How do you tell the truth? Are cold hard facts enough to get the whole story across?
Spokane Civic Theatre’s production of “The Lifespan of a Fact,” a one-act play by Jeremy Kareken, David Murrell and Gordon Farrell, opens in the Firth J. Chew Studio Theatre on Friday at 7:30 p.m.
“I think it’s really timely,” director Marianne McLaughlin said. “It deals with the whole idea of when and what do we read, (and) is it something that we can trust? Is it factual, is it not?”
After the 2002 death of 16-year-old Levi Presley, Harper’s Bazaar commissioned John D’Agata to write an essay exploring the prevalence of suicide in Las Vegas. Written in 2003 under the title “What Happens There,” the article was shelved when the magazine’s editors took issue with D’Agata’s liberal use of “creative license.”
Recently graduated, Jim Fingal (Nicholas Griep) has just landed a job fact-checking articles for “one of the best magazines in the country,” when his boss hands him a big assignment: “a groundbreaking piece by author John D’Agata (Jamie Flanery).
“But Fingal has one huge problem – D’Agata made up a lot of his article.” The two face off in an amusing but serious battle: facts vs. truth.
Over the course of the play, the dramatized argument draws from the personal opinions of both authors as the characters address the definition of nonfiction with respect to the importance of facts and nonfiction.
Drawing from memories and documented conversations taken from D’Agata and Fingal, the play is still very much a dramatization and often departs from the original text.
“It’s basically their conversations and arguments over this piece that he’s written – conversations that in real life led to a seven-year journey of emails and texts, arguing back and forth about the idea of a ‘lyric essay’ and what was truly journalism,” McLaughlin said.
The term “lyric essay” was coined by D’Agata. The basic idea can almost be summed up in the text on the promotional poster:
Fingal tells D’Agata that his “cavalier approach to the facts violates about 10 different rules of journalistic integrity.”
And D’Agata responds, “‘About 10, Jim? What happened to accuracy? Or did 10 just work well for the effect you wanted to achieve?”
With the prevalence of “fake news,” McLaughlin explained, the story’s relevance reaches far beyond the confines of a one-act play.
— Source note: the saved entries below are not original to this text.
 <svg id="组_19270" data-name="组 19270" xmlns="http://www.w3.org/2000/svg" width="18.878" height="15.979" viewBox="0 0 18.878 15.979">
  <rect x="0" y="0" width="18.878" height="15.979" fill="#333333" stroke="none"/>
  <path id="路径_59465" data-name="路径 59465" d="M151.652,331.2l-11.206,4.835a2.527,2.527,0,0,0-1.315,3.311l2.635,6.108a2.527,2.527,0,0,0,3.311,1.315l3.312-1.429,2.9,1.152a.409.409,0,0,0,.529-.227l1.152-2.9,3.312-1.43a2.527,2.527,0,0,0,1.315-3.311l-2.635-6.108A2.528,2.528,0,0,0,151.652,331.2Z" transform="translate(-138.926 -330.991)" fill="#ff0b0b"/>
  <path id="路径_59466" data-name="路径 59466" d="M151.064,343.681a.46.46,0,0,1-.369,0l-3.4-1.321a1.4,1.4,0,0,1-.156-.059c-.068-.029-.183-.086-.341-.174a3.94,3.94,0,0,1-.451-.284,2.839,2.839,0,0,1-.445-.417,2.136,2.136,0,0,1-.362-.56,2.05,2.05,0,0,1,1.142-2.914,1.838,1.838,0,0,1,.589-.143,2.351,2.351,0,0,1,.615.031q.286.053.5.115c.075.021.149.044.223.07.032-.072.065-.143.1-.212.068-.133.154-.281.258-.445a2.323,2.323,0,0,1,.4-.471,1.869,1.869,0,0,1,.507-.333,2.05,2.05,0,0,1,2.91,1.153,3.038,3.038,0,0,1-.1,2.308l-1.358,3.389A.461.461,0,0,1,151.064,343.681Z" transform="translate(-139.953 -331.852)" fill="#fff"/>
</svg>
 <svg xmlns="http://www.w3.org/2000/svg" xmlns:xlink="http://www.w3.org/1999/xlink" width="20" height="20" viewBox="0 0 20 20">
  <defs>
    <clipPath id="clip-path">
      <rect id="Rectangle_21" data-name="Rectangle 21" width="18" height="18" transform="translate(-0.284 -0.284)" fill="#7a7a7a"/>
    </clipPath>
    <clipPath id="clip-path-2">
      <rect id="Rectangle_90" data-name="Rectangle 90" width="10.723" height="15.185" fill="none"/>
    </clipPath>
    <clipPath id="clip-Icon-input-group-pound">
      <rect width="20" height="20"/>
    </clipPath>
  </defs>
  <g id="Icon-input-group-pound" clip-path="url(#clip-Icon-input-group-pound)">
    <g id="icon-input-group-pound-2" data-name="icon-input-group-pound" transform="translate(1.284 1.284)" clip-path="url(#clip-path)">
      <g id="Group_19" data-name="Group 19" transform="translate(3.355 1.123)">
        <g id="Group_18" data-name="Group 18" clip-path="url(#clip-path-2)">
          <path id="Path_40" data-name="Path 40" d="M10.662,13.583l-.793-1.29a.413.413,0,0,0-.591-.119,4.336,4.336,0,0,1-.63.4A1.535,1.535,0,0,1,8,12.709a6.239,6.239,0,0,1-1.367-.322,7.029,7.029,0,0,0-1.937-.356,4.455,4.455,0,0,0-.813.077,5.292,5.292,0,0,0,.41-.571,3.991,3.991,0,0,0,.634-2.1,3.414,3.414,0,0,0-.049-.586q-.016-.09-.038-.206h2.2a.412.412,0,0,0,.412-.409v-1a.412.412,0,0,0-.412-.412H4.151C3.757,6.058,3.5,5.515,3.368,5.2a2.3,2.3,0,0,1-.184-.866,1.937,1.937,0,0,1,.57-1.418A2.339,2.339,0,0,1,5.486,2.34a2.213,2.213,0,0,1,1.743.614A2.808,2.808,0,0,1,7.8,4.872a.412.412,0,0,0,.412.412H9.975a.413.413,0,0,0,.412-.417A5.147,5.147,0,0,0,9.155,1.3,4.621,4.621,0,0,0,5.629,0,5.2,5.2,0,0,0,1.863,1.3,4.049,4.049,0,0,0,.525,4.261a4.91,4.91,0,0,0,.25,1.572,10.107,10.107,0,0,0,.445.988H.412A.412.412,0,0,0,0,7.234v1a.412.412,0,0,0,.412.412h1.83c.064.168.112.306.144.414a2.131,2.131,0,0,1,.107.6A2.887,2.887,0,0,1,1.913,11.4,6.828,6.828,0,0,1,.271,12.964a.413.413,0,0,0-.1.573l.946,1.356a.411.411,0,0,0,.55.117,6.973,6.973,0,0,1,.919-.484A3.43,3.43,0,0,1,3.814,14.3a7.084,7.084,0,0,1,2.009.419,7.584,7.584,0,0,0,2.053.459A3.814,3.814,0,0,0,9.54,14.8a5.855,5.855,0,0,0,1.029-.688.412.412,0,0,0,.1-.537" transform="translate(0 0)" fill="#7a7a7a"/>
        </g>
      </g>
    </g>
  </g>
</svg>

“It’s been a wonderful show to come back with,” McLaughlin said, mentioning how she has been involved with Civic, both onstage and behind the scenes, for nearly 20 years. “Especially after over two years of not doing any theater … I’ve really enjoyed it.”
That’s not to say it hasn’t come with its challenges.
“When you have a play and it’s just about one argument, the question is how you present that in a provocative way,” she said. “In a way that’s going to draw the audience in and really, really makes them listen … because it just clips along. And the same argument comes up over and over again … these two men and their inability to back down.”
The story is well-written – provocative, intelligent and wordy, but also full of comedy, she said. The hardest part is balancing the comedic aspects with the core of the piece.
“Of course, you want it to be entertaining – it’s theater, right?” she said. “But you also want people to hear the message.”
“The Lifespan of a Fact” also stars Deborah Marlowe as editor Emily Penrose.